---------- RECORDS TO PROCESS ----------

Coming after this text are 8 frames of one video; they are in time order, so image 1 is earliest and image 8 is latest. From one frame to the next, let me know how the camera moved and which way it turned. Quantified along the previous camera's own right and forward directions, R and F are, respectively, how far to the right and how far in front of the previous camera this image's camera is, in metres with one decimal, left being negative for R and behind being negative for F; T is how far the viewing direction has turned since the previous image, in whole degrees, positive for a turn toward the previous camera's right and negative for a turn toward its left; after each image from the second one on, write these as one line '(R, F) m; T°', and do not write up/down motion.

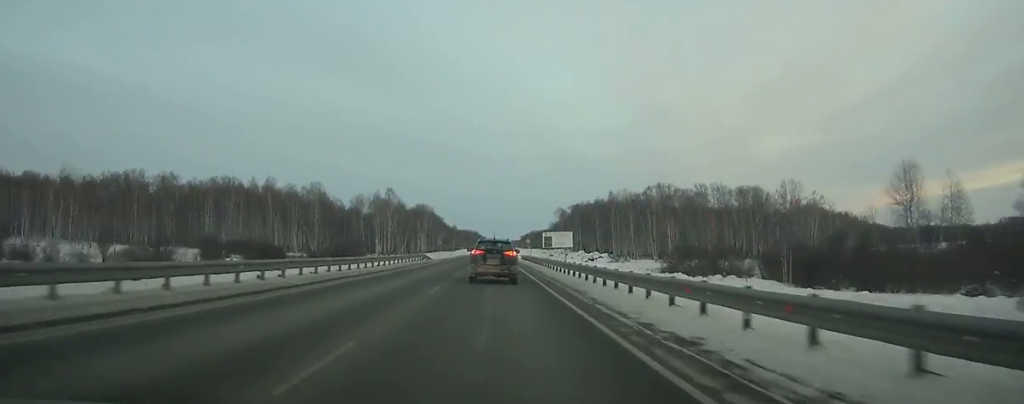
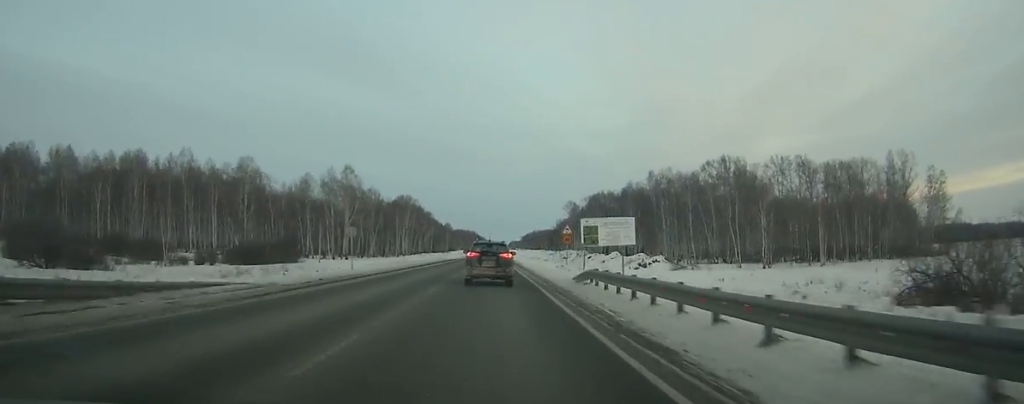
(+0.1, +59.0) m; 0°
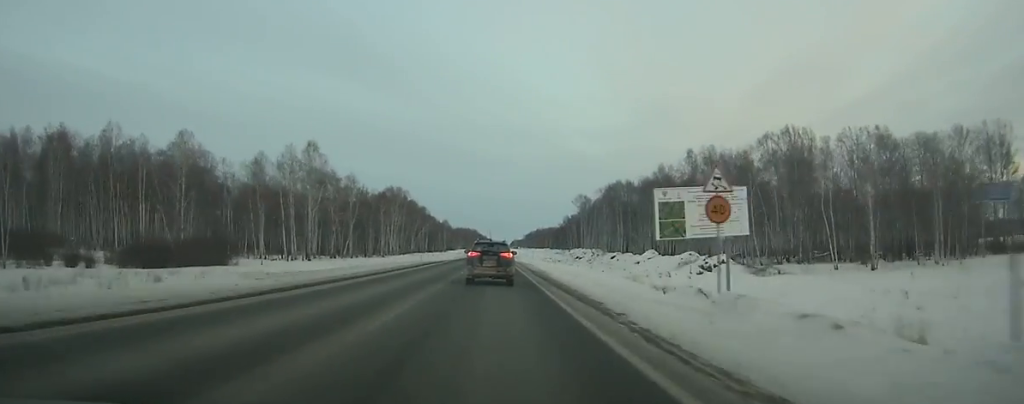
(-0.1, +32.2) m; 0°
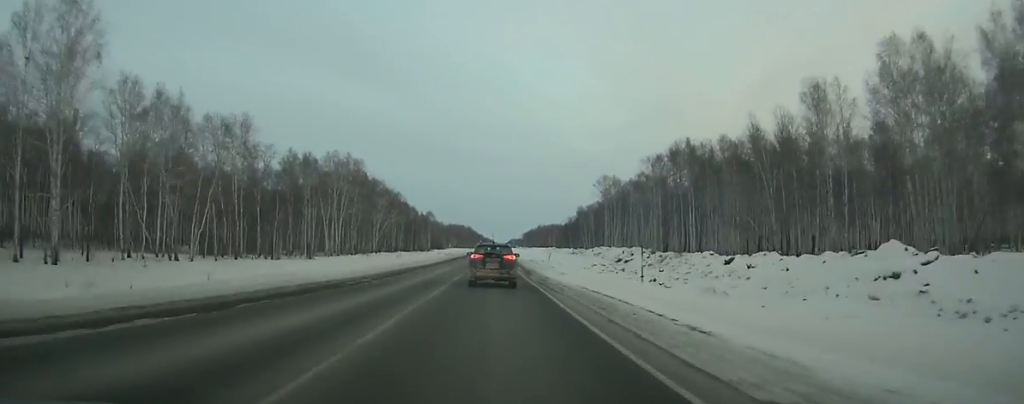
(0.0, +72.5) m; 0°
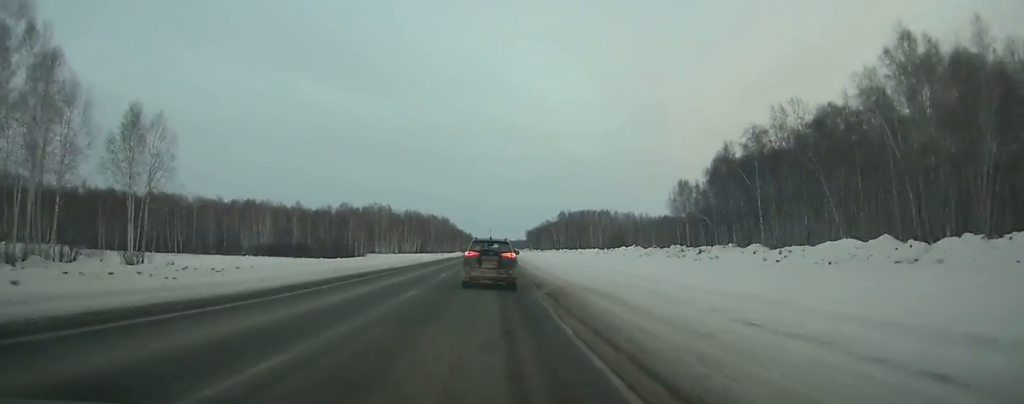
(+1.2, +261.1) m; 0°
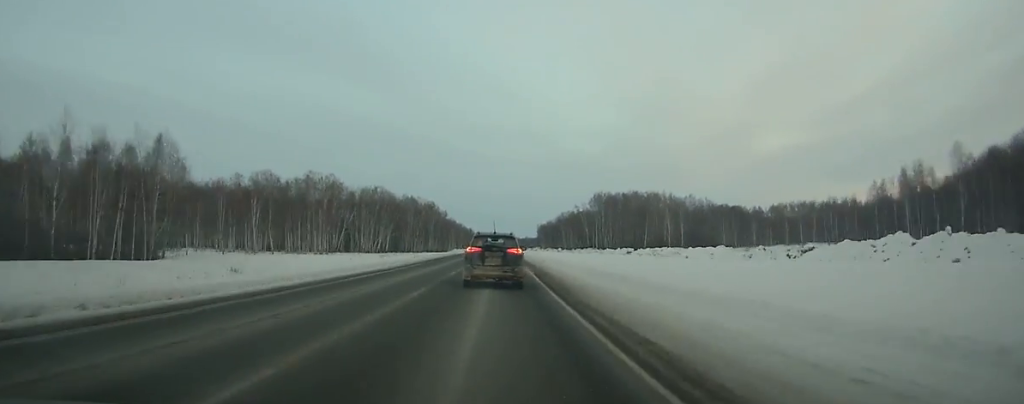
(+0.1, +120.5) m; 0°
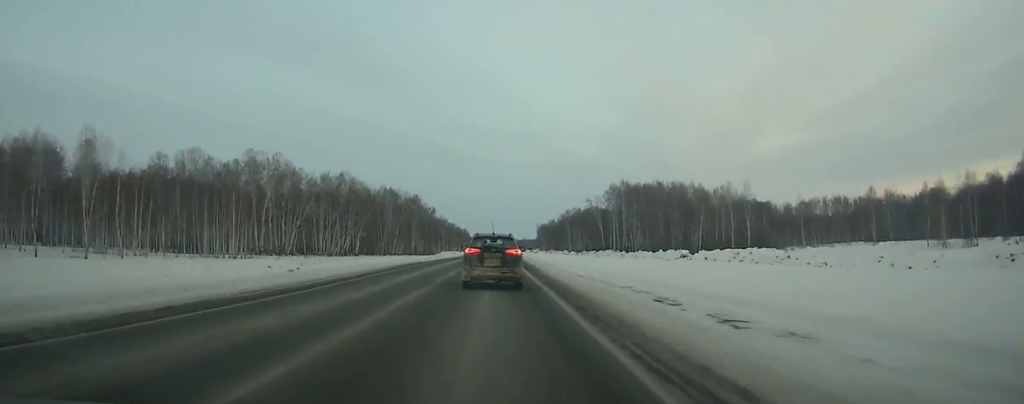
(0.0, +47.7) m; 0°
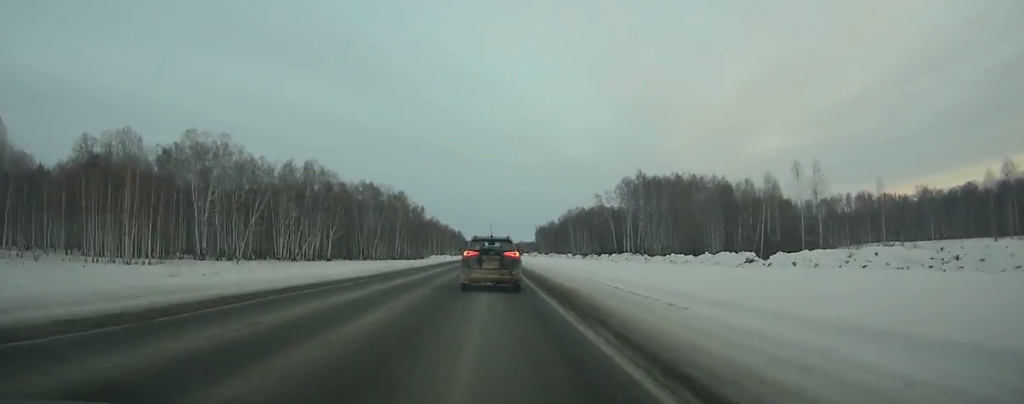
(0.0, +29.8) m; 0°

----------

TASK TO CARRY OUT
Each entry above should be given again exactly, with its pictures omitted.

FINISHED EXERCISE
Coming after this text are 8 frames of one video; they are in time order, so image 1 is earliest and image 8 is latest. From one frame to the next, let me know how the camera moved and which way it turned. Quantified along the previous camera's own right and forward directions, R and F are, respectively, how far to the right and how far in front of the previous camera this image's camera is, in metres with one decimal, left being negative for R and behind being negative for F; T is how far the viewing direction has turned since the previous image, in whole degrees, positive for a turn toward the previous camera's right and negative for a turn toward its left; after each image from the second one on, write these as one line '(R, F) m; T°', and do not write up/down motion.

(+0.1, +59.0) m; 0°
(-0.1, +32.2) m; 0°
(0.0, +72.5) m; 0°
(+1.2, +261.1) m; 0°
(+0.1, +120.5) m; 0°
(0.0, +47.7) m; 0°
(0.0, +29.8) m; 0°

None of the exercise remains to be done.